# [The task]
For the string "width", state how many lines of the data hold it. Give nothing besides the number.

(Records supplied)

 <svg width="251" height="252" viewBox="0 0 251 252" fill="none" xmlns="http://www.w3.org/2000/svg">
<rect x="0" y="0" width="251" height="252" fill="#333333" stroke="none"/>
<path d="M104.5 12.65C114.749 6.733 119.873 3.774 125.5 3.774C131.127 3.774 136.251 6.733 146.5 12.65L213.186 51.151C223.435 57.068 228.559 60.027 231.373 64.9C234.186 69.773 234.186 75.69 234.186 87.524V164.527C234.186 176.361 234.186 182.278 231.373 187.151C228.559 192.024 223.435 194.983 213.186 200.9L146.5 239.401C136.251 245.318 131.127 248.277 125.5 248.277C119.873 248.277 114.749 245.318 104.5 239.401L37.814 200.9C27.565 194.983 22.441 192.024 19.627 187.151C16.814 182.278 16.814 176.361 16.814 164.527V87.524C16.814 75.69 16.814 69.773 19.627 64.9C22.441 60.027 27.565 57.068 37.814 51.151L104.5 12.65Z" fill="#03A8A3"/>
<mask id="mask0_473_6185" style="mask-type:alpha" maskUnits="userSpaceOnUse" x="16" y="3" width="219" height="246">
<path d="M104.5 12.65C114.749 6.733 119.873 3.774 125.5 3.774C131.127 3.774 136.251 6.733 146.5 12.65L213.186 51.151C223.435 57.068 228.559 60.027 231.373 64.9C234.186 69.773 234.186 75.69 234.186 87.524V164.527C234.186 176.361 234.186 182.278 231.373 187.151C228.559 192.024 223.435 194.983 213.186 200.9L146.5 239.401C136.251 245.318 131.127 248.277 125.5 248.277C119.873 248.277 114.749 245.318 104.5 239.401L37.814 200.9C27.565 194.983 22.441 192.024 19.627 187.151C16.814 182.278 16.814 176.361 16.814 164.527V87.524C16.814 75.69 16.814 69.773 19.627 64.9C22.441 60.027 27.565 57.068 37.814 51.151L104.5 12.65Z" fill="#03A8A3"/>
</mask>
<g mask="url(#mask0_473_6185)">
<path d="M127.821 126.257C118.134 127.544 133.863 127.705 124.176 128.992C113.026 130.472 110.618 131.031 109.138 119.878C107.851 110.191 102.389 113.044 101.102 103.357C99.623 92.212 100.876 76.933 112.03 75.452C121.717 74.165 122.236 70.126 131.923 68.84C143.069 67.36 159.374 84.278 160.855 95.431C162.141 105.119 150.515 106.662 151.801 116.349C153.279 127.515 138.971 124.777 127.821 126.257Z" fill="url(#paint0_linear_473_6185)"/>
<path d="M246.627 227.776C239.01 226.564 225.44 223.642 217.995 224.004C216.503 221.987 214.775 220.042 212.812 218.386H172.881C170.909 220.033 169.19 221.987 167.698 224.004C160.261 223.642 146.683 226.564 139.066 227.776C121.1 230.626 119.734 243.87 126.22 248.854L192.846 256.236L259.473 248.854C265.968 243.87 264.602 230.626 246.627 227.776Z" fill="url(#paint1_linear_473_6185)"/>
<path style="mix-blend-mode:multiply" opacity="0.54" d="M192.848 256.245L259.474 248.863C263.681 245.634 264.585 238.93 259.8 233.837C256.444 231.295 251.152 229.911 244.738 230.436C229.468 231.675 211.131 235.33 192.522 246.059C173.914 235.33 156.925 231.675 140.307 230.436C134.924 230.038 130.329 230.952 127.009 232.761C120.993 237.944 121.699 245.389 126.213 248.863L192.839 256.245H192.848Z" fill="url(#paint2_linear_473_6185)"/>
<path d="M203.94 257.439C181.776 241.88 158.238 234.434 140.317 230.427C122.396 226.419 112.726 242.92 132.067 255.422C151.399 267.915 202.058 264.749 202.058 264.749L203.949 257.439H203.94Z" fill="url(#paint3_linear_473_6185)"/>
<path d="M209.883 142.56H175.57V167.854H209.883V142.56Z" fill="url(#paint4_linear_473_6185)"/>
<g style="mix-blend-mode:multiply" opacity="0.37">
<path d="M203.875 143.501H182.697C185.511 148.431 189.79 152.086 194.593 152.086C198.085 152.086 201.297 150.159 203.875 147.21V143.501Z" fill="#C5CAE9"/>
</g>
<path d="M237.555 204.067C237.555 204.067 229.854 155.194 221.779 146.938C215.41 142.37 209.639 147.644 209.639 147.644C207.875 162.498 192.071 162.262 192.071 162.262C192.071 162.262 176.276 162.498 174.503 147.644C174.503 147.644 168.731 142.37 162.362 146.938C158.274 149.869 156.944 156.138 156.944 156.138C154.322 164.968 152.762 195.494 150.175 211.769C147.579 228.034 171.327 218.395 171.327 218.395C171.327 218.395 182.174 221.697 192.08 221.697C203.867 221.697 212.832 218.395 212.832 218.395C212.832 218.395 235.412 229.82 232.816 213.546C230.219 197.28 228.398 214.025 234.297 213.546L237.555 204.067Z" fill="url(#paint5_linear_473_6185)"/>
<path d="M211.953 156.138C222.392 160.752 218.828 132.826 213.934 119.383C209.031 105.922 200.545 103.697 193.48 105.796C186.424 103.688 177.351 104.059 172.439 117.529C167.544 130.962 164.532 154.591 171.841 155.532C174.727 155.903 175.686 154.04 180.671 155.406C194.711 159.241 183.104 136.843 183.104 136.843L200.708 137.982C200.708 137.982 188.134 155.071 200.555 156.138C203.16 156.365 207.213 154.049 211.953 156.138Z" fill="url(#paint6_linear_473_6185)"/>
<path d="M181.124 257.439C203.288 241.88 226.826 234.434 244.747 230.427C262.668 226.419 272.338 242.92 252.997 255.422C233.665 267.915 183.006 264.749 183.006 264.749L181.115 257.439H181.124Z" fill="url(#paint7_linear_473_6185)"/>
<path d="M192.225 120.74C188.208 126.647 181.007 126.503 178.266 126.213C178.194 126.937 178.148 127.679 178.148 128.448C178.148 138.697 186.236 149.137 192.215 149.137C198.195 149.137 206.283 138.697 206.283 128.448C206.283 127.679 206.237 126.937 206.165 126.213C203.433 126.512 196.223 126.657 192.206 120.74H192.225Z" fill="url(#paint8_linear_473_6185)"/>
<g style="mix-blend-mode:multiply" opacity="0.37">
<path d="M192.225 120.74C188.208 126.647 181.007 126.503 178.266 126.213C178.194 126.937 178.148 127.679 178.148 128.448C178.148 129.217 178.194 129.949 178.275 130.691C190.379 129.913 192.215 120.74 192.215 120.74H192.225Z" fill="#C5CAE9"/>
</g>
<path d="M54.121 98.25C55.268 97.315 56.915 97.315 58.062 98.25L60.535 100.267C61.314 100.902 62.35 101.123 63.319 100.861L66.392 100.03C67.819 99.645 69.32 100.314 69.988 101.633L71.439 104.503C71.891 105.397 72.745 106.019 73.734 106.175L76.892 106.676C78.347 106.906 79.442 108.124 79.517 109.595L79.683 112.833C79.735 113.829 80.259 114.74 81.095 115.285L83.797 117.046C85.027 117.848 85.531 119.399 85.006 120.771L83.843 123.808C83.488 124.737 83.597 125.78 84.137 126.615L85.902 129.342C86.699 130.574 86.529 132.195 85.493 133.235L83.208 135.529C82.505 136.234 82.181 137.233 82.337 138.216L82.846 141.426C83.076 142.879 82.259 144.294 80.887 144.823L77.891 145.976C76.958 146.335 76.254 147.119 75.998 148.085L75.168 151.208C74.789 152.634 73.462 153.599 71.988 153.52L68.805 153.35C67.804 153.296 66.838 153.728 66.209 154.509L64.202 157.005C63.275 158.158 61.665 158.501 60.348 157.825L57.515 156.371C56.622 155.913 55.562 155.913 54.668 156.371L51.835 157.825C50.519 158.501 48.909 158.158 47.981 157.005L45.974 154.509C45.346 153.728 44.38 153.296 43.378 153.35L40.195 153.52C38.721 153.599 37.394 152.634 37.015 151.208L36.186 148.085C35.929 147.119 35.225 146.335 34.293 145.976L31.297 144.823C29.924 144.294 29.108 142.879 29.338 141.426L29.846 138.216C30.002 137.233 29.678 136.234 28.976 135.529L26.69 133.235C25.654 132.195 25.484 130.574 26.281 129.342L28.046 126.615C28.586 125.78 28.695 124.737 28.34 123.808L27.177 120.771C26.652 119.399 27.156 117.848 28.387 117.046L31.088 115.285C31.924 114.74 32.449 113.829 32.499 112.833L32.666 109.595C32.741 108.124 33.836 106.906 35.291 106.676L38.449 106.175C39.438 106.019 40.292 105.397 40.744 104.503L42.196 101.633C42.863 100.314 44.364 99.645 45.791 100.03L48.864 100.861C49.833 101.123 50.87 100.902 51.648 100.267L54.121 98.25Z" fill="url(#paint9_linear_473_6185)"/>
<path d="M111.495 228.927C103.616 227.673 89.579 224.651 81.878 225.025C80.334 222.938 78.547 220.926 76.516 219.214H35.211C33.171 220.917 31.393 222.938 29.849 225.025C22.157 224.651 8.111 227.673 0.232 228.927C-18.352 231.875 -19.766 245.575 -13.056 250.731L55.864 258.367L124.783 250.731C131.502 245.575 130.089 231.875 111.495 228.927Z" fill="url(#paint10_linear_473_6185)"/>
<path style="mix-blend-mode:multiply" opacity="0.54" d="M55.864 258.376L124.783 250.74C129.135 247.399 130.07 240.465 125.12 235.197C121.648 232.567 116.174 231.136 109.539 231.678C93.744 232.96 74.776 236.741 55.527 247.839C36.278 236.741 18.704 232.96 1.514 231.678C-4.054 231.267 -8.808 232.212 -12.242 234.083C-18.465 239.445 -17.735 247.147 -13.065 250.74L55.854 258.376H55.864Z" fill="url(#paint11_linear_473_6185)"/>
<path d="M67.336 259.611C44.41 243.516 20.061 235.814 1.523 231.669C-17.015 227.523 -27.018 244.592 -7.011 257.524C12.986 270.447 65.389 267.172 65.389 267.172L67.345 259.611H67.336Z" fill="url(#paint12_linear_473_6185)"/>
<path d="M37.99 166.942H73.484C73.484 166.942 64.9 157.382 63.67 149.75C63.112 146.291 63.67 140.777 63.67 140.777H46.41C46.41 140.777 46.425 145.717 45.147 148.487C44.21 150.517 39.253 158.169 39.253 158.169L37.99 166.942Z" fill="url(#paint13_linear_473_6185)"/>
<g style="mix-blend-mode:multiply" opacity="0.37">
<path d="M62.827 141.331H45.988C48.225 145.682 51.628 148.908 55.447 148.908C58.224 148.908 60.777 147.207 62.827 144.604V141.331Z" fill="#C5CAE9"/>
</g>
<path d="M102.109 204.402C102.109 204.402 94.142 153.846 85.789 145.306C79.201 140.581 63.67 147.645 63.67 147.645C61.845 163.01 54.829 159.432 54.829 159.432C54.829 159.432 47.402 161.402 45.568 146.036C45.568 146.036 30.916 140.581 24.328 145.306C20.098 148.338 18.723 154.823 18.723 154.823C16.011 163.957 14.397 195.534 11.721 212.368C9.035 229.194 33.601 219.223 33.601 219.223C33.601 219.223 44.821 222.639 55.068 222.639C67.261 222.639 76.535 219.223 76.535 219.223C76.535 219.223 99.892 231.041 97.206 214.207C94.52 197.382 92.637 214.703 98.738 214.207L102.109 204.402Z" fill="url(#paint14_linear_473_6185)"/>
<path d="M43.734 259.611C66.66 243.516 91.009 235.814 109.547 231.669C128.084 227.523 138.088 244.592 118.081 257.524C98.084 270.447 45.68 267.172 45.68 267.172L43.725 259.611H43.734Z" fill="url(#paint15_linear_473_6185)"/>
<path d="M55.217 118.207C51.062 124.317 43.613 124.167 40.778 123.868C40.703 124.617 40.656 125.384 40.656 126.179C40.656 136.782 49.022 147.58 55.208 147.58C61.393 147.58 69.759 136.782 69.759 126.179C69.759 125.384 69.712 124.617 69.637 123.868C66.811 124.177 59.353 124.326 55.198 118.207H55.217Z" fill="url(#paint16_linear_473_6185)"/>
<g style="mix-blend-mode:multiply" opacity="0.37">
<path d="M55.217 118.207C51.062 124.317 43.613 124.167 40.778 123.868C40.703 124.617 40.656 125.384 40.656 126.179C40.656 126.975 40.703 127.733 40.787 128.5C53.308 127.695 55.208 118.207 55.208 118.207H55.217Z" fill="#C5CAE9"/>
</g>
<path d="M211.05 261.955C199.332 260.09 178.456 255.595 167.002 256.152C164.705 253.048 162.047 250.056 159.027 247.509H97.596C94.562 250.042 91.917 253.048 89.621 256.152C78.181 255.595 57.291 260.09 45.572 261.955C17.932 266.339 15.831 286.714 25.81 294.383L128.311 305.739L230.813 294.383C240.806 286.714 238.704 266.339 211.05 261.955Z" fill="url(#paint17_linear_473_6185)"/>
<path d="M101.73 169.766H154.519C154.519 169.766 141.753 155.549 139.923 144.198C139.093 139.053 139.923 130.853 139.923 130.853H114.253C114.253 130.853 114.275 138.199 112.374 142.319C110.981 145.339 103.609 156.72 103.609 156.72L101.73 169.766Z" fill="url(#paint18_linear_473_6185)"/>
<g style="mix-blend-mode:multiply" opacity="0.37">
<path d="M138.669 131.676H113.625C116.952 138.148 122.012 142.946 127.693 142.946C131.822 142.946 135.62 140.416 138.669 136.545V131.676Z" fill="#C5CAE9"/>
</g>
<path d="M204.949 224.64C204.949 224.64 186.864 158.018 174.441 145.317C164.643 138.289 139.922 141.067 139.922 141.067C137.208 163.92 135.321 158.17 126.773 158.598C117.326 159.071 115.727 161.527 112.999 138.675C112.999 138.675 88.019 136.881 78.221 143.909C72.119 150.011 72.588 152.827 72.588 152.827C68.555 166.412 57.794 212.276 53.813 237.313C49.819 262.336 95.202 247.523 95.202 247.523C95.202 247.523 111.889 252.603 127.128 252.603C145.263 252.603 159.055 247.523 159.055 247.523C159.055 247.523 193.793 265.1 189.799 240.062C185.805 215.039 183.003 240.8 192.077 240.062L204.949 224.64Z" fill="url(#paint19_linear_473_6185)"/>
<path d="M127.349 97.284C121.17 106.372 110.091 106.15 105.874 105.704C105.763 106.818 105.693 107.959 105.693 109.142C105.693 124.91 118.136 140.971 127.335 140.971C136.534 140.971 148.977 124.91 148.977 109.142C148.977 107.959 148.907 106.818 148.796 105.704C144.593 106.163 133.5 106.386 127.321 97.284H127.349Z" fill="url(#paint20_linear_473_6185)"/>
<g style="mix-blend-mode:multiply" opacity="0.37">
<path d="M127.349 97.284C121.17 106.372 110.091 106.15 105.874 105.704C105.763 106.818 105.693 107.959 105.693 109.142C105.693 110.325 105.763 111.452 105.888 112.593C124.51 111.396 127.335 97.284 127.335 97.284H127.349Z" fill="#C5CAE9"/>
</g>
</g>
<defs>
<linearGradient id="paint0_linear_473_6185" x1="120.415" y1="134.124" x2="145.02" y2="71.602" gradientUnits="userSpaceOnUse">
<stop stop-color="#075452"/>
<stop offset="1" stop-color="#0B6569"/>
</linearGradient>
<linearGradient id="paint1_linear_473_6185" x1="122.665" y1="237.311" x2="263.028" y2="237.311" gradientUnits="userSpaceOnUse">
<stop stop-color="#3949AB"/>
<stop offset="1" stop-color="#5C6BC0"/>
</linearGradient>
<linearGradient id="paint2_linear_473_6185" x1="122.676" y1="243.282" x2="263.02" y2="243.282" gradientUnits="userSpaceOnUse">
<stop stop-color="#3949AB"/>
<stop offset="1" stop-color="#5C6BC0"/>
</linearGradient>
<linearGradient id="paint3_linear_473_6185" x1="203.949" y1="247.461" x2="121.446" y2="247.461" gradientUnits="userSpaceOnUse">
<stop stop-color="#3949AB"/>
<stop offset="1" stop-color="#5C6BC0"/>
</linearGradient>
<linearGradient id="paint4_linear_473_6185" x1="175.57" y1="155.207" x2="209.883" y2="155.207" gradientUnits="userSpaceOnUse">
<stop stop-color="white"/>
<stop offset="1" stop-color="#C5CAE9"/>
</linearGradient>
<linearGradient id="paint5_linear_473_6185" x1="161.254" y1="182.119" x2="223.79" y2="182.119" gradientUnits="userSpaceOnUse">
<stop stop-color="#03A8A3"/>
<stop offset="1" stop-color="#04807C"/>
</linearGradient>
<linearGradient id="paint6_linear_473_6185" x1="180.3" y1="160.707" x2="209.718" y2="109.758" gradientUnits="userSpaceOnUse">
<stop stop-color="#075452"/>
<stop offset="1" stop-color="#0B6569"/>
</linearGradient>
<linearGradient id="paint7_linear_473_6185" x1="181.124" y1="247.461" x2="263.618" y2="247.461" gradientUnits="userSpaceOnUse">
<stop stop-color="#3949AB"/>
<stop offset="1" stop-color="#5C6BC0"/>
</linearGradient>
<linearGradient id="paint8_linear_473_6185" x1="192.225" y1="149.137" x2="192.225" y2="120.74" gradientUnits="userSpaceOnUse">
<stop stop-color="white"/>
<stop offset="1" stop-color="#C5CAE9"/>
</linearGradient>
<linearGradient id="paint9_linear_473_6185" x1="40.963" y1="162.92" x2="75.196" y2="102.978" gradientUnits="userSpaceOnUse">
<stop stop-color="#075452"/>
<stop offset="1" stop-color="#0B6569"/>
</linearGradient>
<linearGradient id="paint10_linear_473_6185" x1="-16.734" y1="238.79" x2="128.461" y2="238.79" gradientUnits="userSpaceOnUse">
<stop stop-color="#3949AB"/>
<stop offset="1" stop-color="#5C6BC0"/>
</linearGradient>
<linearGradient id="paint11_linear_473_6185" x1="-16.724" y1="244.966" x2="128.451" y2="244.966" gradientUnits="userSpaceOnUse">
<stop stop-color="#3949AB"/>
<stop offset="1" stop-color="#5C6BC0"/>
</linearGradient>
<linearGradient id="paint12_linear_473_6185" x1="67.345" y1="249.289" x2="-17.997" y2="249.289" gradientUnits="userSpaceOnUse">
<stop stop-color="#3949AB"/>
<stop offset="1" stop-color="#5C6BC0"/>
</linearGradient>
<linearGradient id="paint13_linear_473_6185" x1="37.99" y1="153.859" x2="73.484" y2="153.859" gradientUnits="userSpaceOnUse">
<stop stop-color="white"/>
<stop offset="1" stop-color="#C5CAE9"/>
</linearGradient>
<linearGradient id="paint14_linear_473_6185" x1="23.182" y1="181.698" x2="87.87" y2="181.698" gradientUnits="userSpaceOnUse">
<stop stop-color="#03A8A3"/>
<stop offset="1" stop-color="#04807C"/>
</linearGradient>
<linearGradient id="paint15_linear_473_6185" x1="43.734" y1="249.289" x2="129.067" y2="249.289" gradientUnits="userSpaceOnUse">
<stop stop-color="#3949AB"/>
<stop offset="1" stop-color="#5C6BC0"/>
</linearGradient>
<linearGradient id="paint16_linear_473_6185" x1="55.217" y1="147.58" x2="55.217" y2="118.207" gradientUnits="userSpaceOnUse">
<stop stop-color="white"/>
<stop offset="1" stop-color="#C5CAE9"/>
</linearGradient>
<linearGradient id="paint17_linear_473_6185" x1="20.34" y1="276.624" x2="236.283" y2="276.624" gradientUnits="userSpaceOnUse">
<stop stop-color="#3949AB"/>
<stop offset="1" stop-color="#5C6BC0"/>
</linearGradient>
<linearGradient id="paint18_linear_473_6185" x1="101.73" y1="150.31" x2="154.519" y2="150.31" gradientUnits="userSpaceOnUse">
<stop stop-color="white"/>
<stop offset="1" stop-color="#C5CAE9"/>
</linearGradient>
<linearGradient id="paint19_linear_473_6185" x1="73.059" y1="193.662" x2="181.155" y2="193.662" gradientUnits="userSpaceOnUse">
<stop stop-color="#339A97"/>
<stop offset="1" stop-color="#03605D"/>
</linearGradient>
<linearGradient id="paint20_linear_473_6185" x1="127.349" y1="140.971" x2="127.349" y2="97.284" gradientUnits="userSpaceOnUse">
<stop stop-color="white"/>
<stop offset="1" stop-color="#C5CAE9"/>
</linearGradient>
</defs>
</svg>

(End Records supplied)

# [Response box]
3